Somatotroph adenomas are typically recognized when they secrete GH excessively and cause acromegaly. Both ‘silent’ somatotroph adenomas (immunohistochemical evidence of GH excess without biochemical or clinical evidence) and ‘clinically silent’ somatotroph adenomas (immunohistochemical and biochemical evidence but no clinical evidence) have occasionally been reported. The relative frequency of each presentation is unknown. The goal of this study was, therefore, to determine the frequency of clinically silent somatotroph adenomas, a group that is potentially recognizable in vivo.
We retrospectively identified 100 consecutive patients who had surgically excised and histologically confirmed pituitary adenomas.

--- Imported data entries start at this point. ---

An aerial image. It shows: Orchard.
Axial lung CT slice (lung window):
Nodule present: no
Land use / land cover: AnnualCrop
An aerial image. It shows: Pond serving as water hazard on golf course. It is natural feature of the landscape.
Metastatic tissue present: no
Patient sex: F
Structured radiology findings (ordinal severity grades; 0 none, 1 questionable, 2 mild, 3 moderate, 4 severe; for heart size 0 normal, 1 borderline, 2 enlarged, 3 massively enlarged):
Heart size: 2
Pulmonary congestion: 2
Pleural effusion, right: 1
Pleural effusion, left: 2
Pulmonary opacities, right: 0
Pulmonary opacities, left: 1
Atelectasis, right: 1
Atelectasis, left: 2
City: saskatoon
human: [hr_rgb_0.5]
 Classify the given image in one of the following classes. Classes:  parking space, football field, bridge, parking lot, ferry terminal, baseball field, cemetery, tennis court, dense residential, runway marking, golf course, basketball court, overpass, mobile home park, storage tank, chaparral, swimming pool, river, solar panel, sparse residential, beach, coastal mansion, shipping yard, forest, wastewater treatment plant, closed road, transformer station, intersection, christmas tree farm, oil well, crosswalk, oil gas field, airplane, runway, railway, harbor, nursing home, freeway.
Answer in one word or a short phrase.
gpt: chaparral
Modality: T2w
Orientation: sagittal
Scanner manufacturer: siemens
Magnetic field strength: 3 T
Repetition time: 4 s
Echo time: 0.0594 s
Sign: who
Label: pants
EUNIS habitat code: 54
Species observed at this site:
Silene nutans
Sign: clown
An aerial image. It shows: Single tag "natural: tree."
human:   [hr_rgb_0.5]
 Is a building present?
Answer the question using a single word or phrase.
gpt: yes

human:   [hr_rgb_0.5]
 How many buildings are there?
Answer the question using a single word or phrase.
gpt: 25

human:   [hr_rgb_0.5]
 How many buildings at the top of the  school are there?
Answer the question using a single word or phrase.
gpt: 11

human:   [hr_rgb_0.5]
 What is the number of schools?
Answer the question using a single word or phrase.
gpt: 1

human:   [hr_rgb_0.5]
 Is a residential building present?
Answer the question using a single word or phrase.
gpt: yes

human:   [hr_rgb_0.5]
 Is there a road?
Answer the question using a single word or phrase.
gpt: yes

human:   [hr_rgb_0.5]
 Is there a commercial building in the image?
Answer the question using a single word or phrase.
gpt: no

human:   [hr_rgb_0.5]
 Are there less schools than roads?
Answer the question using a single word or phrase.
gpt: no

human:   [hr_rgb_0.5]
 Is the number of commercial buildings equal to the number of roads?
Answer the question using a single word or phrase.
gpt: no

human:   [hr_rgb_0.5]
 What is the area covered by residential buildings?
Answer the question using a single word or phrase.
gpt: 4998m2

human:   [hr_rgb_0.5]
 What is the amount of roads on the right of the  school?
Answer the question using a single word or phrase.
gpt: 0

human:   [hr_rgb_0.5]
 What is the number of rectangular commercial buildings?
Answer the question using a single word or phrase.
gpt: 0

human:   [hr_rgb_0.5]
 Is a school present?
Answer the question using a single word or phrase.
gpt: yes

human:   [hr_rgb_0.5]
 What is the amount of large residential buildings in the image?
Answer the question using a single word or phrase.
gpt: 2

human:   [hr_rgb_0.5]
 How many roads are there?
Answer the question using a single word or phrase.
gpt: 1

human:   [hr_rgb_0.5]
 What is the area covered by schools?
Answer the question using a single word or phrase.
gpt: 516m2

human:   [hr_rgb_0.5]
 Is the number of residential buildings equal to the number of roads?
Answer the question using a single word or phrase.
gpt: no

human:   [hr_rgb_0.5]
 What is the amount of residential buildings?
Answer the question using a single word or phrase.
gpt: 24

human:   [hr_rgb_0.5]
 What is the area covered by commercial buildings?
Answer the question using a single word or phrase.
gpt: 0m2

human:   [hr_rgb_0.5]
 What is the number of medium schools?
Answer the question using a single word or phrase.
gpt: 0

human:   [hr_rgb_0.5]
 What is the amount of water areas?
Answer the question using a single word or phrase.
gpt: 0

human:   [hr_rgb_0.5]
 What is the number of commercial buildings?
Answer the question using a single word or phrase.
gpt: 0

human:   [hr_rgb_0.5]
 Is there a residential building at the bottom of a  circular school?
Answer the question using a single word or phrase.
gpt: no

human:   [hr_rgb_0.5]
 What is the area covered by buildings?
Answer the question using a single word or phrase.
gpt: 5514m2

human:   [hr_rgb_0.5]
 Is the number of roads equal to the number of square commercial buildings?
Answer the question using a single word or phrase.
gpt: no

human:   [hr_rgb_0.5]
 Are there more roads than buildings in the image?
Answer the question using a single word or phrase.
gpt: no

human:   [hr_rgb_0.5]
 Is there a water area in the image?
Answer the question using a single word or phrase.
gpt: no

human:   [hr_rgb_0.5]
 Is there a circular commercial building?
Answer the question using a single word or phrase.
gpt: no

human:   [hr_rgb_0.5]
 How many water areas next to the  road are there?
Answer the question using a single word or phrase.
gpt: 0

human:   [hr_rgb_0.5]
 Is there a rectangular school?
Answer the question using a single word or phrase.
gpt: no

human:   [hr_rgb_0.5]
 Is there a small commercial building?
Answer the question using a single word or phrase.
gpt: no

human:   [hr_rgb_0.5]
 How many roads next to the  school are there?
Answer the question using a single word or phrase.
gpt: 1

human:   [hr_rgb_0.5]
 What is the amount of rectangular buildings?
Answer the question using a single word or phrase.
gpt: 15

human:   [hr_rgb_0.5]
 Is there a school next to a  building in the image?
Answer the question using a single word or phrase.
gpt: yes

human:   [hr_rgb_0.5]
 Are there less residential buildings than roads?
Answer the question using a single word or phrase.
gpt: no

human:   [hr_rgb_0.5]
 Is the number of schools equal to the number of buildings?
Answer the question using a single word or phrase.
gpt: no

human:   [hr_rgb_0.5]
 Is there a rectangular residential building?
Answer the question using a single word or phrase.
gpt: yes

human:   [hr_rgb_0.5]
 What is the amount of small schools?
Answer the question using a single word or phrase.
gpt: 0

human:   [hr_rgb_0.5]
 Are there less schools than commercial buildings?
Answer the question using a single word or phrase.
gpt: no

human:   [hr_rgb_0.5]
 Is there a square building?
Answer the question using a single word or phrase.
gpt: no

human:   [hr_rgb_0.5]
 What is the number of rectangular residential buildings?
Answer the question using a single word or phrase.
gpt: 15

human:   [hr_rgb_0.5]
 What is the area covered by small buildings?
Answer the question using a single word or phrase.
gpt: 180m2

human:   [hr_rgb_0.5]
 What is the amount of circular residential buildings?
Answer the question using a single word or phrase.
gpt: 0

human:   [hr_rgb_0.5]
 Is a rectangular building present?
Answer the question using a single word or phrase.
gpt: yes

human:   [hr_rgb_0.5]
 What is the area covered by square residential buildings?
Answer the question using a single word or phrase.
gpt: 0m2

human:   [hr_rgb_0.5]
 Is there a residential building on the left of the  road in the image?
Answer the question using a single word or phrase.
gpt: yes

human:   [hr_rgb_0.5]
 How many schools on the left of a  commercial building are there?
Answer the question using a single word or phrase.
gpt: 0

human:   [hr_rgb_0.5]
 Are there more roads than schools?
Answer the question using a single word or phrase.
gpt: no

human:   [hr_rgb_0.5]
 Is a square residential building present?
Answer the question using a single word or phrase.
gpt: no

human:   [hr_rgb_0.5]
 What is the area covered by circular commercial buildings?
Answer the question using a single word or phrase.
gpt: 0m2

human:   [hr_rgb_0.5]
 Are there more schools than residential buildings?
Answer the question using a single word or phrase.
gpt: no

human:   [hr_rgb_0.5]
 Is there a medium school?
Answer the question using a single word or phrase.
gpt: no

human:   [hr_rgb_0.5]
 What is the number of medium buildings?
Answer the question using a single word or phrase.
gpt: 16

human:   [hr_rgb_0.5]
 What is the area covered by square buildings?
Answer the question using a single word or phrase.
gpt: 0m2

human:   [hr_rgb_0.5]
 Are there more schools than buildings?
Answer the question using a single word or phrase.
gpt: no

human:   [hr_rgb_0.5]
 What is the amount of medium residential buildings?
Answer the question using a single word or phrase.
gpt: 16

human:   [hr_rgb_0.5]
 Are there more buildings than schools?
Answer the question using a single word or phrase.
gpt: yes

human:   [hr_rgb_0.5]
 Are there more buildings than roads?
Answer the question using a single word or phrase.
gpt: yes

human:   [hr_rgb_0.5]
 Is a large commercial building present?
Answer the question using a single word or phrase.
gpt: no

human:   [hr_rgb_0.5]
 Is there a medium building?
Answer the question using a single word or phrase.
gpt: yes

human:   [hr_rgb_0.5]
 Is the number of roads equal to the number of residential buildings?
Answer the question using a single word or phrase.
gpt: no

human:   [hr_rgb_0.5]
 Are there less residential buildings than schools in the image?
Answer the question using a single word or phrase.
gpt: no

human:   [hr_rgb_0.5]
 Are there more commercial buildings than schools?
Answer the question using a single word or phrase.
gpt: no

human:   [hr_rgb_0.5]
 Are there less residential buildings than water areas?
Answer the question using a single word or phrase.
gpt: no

Each pituitary adenoma was classified immunohistochemically by pituitary cell type. Somatotroph adenomas were further classified as ‘classic’ (obvious clinical features of acromegaly and elevated serum IGF1), ‘subtle’ (subtle clinical features of acromegaly and elevated IGF1), ‘clinically silent’ (no clinical features of acromegaly but elevated IGF1), and ‘silent’ (no clinical features of acromegaly and normal IGF1).
Of the 100 consecutive pituitary adenomas, 29% were gonadotroph/glycoprotein, 24% somatotroph, 18% null cell, 15% corticotroph, 6% lactotroph, 2% thyrotroph, and 6% not classifiable. Of the 24 patients with somatotroph adenomas, classic accounted for 45.8%, subtle 16.7%, clinically silent 33.3%, and silent 4.2%.
Clinically silent somatotroph adenomas are more common than previously appreciated, representing one-third of all somatotroph adenomas. IGF1 should be measured in all patients with a sellar mass, because identification of a mass as a somatotroph adenoma expands the therapeutic options and provides a tumor marker to monitor treatment.